Auparavant, M. Lamamra avait exprimé la satisfaction du gouvernement de voir les instances régionales et internationales répondre favorablement à l'invitation d'observer le déroulement de l'élection présidentielle.

«En notre qualité de gouvernement algérien, nous sommes très satisfaits de constater que les organisations dans lesquelles l'Algérie est membre, et celles avec lesquelles elle traite, ont répondu favorablement à notre invitation d'assurer une observation à l'élection présidentielle», a-t-il déclaré à l'issue d'une audience accordée au panel d'experts onusiens.

De leurs côtés, les chefs des différentes missions d'observation n'ont pas caché leur «satisfaction» devant les mesures adoptées par les pouvoirs publics et les préparatifs engagés à l'effet de garantir un bon déroulement du scrutin. Ainsi, le chef de la mission de l'UA, Dileita Mohamed Dileita, s'est dit satisfait d'avoir obtenu des réponses «complètes et exhaustives à tous les niveaux» aux questions qu'il avait posées aux ministères des Affaires étrangères et de l'Intérieur et des Collectivités locales, sur les mesures adoptées dans le cadre de cette élection. De son côté, le chef de la mission de l'OCI, M. Kaâbachi, a salué une «forte volonté politique» et une «large adhésion» du peuple algérien pour faire réussir la présidentielle de jeudi.

Un rendez-vous «historique pour l'avenir de l'Algérie» 

L'élection présidentielle du 17 avril est un «rendez-vous historique» pour l'avenir de l'Algérie, a estimé mardi à Alger l'observateur indépendant du scrutin présidentiel, José Socrates. «J'ai fait le déplacement à Alger pour accompagner ces élections qui sont un rendez-vous historique et extrêmement important pour l'avenir de l'Algérie», a déclaré Socrates, au terme d'une audience que lui a accordée le ministre délégué chargé des Affaires maghrébines et africaines, Madjid Bouguerra.

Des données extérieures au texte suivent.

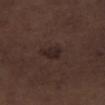No biopsy was performed on this lesion — it was imaged during a full skin examination and was not determined to be concerning. Cropped from a total-body skin-imaging series; the visible field is about 15 mm. A male subject approximately 70 years of age. Longest diameter approximately 2.5 mm. On the right lower leg. Automated image analysis of the tile measured an average lesion color of about L≈23 a*≈13 b*≈16 (CIELAB), a lesion–skin lightness drop of about 6, and a normalized lesion–skin contrast near 8. And it measured a border-irregularity rating of about 2.5/10, internal color variation of about 1.5 on a 0–10 scale, and peripheral color asymmetry of about 0.5. Imaged with white-light lighting.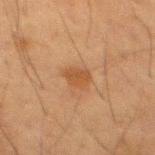No biopsy was performed on this lesion — it was imaged during a full skin examination and was not determined to be concerning. About 2.5 mm across. A lesion tile, about 15 mm wide, cut from a 3D total-body photograph. From the mid back. This is a cross-polarized tile. The total-body-photography lesion software estimated a border-irregularity rating of about 2.5/10, a color-variation rating of about 1.5/10, and peripheral color asymmetry of about 0.5. The software also gave a detector confidence of about 100 out of 100 that the crop contains a lesion. A male patient, approximately 35 years of age.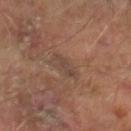This lesion was catalogued during total-body skin photography and was not selected for biopsy.
A male patient roughly 65 years of age.
A roughly 15 mm field-of-view crop from a total-body skin photograph.
The lesion is located on the right lower leg.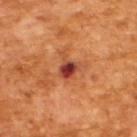biopsy status: total-body-photography surveillance lesion; no biopsy | lesion diameter: ~3.5 mm (longest diameter) | automated metrics: a lesion area of about 5.5 mm², an outline eccentricity of about 0.7 (0 = round, 1 = elongated), and a shape-asymmetry score of about 0.45 (0 = symmetric); a border-irregularity rating of about 5/10, a within-lesion color-variation index near 7/10, and radial color variation of about 2 | illumination: cross-polarized illumination | imaging modality: ~15 mm tile from a whole-body skin photo | subject: male, about 65 years old.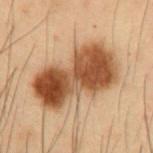Automated tile analysis of the lesion measured a border-irregularity index near 3.5/10, a within-lesion color-variation index near 7.5/10, and radial color variation of about 3.
Measured at roughly 9.5 mm in maximum diameter.
The lesion is located on the abdomen.
A roughly 15 mm field-of-view crop from a total-body skin photograph.
A male patient, aged 53–57.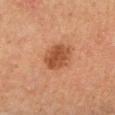Clinical impression:
No biopsy was performed on this lesion — it was imaged during a full skin examination and was not determined to be concerning.
Background:
On the right lower leg. This is a cross-polarized tile. A male patient approximately 65 years of age. Cropped from a whole-body photographic skin survey; the tile spans about 15 mm.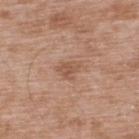follow-up — catalogued during a skin exam; not biopsied
subject — male, aged approximately 50
site — the back
imaging modality — total-body-photography crop, ~15 mm field of view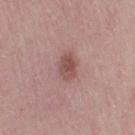Imaged during a routine full-body skin examination; the lesion was not biopsied and no histopathology is available. From the right thigh. Automated tile analysis of the lesion measured an area of roughly 5 mm², an eccentricity of roughly 0.7, and two-axis asymmetry of about 0.2. The software also gave a mean CIELAB color near L≈50 a*≈21 b*≈23 and a normalized lesion–skin contrast near 8. The analysis additionally found a nevus-likeness score of about 25/100 and a lesion-detection confidence of about 100/100. Captured under white-light illumination. A roughly 15 mm field-of-view crop from a total-body skin photograph. A female patient aged 48 to 52. Measured at roughly 3 mm in maximum diameter.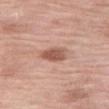Clinical impression:
No biopsy was performed on this lesion — it was imaged during a full skin examination and was not determined to be concerning.
Context:
This is a white-light tile. From the right thigh. The recorded lesion diameter is about 3.5 mm. A 15 mm close-up extracted from a 3D total-body photography capture. A female subject approximately 70 years of age.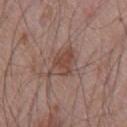biopsy_status: not biopsied; imaged during a skin examination
image:
  source: total-body photography crop
  field_of_view_mm: 15
automated_metrics:
  area_mm2_approx: 8.5
  eccentricity: 0.75
  shape_asymmetry: 0.3
  nevus_likeness_0_100: 50
site: front of the torso
lesion_size:
  long_diameter_mm_approx: 4.5
patient:
  sex: male
  age_approx: 70
lighting: white-light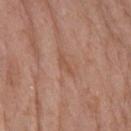  biopsy_status: not biopsied; imaged during a skin examination
  site: right forearm
  lighting: white-light
  lesion_size:
    long_diameter_mm_approx: 2.5
  patient:
    sex: female
    age_approx: 60
  image:
    source: total-body photography crop
    field_of_view_mm: 15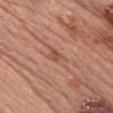illumination: white-light; acquisition: ~15 mm tile from a whole-body skin photo; patient: female, aged 58–62; size: ~2.5 mm (longest diameter); anatomic site: the chest.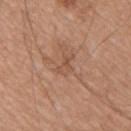Clinical impression:
No biopsy was performed on this lesion — it was imaged during a full skin examination and was not determined to be concerning.
Image and clinical context:
The lesion-visualizer software estimated a border-irregularity index near 6.5/10 and a color-variation rating of about 0.5/10. It also reported lesion-presence confidence of about 95/100. The lesion is located on the upper back. A male patient, aged around 40. Longest diameter approximately 3 mm. A lesion tile, about 15 mm wide, cut from a 3D total-body photograph.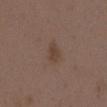Q: Was this lesion biopsied?
A: total-body-photography surveillance lesion; no biopsy
Q: How was this image acquired?
A: ~15 mm crop, total-body skin-cancer survey
Q: What is the lesion's diameter?
A: about 2.5 mm
Q: What are the patient's age and sex?
A: female, aged 33 to 37
Q: Lesion location?
A: the upper back
Q: Automated lesion metrics?
A: a lesion area of about 4 mm² and a symmetry-axis asymmetry near 0.2; border irregularity of about 2 on a 0–10 scale, internal color variation of about 1.5 on a 0–10 scale, and peripheral color asymmetry of about 0.5
Q: Illumination type?
A: white-light illumination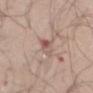A male patient, approximately 40 years of age. Located on the left upper arm. A close-up tile cropped from a whole-body skin photograph, about 15 mm across.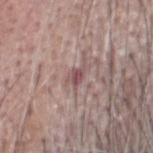Notes:
• biopsy status — imaged on a skin check; not biopsied
• body site — the head or neck
• illumination — white-light
• imaging modality — total-body-photography crop, ~15 mm field of view
• patient — male, approximately 70 years of age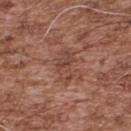{"biopsy_status": "not biopsied; imaged during a skin examination", "lighting": "white-light", "site": "upper back", "image": {"source": "total-body photography crop", "field_of_view_mm": 15}, "patient": {"sex": "male", "age_approx": 55}, "lesion_size": {"long_diameter_mm_approx": 4.0}}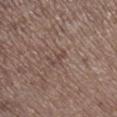This lesion was catalogued during total-body skin photography and was not selected for biopsy.
Cropped from a whole-body photographic skin survey; the tile spans about 15 mm.
From the right lower leg.
This is a white-light tile.
An algorithmic analysis of the crop reported an outline eccentricity of about 0.95 (0 = round, 1 = elongated). And it measured an average lesion color of about L≈45 a*≈17 b*≈22 (CIELAB) and about 6 CIELAB-L* units darker than the surrounding skin.
Measured at roughly 2.5 mm in maximum diameter.
The subject is a male about 70 years old.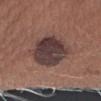No biopsy was performed on this lesion — it was imaged during a full skin examination and was not determined to be concerning. A female patient, aged approximately 25. This image is a 15 mm lesion crop taken from a total-body photograph. The lesion-visualizer software estimated a lesion area of about 22 mm², an outline eccentricity of about 0.75 (0 = round, 1 = elongated), and a symmetry-axis asymmetry near 0.15. It also reported a mean CIELAB color near L≈38 a*≈16 b*≈18, a lesion–skin lightness drop of about 12, and a lesion-to-skin contrast of about 11.5 (normalized; higher = more distinct). And it measured a border-irregularity index near 2/10, internal color variation of about 5 on a 0–10 scale, and radial color variation of about 1.5. It also reported a classifier nevus-likeness of about 0/100 and a lesion-detection confidence of about 100/100. From the right upper arm. The recorded lesion diameter is about 6.5 mm.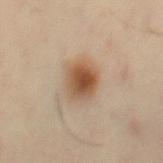The lesion is on the right thigh.
A female subject approximately 45 years of age.
A region of skin cropped from a whole-body photographic capture, roughly 15 mm wide.
Longest diameter approximately 3.5 mm.
Captured under cross-polarized illumination.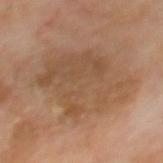Findings:
– imaging modality: total-body-photography crop, ~15 mm field of view
– location: the back
– tile lighting: cross-polarized
– size: about 8 mm
– patient: male, aged 68–72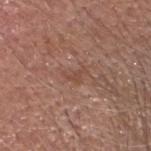Q: Is there a histopathology result?
A: imaged on a skin check; not biopsied
Q: What is the imaging modality?
A: total-body-photography crop, ~15 mm field of view
Q: Automated lesion metrics?
A: a lesion area of about 2.5 mm², an eccentricity of roughly 0.85, and a symmetry-axis asymmetry near 0.6; a mean CIELAB color near L≈47 a*≈21 b*≈27 and about 7 CIELAB-L* units darker than the surrounding skin; a border-irregularity rating of about 6.5/10, internal color variation of about 0 on a 0–10 scale, and radial color variation of about 0; lesion-presence confidence of about 90/100
Q: What are the patient's age and sex?
A: male, roughly 55 years of age
Q: Illumination type?
A: white-light illumination
Q: What is the lesion's diameter?
A: ≈3 mm
Q: Lesion location?
A: the head or neck

M. Socrates, ancien Premier ministre du Portugal, a exprimé son «souhait» de voir l'élection présidentielle se dérouler dans de bonnes conditions. «Je veux à cette occasion et en tant que témoin de ces élections, exprimer mon désir de voir les choses se passer bien. J'ai le sentiment que les candidats sont aussi très conscients que l'intérêt supérieur de l'Algérie exige que cette étape soit franchie dans la sérénité et dans un climat démocratique», a-t-il ajouté.

L'observateur portugais a souligné l'impact de cette élection sur les relations de l'Algérie avec le Portugal et le continent européen. «Ce rendez-vous est également important par rapport aux relations de l'Algérie avec le Portugal mais aussi avec l'Union européenne.

Je souhaite que l'Algérie affrontera son propre avenir avec la force de toutes ses composantes politiques», a précisé l'ancien Premier ministre portugais. M. Socrates s'est enfin félicité des efforts des autorités algériennes pour garantir «les meilleures conditions possibles» au déroulement du scrutin. «Les conditions sont réunies. Tous les candidats ont exposé leurs points de vue et programmes, maintenant c'est au peuple algérien de dire son mot», a-t-il conclu.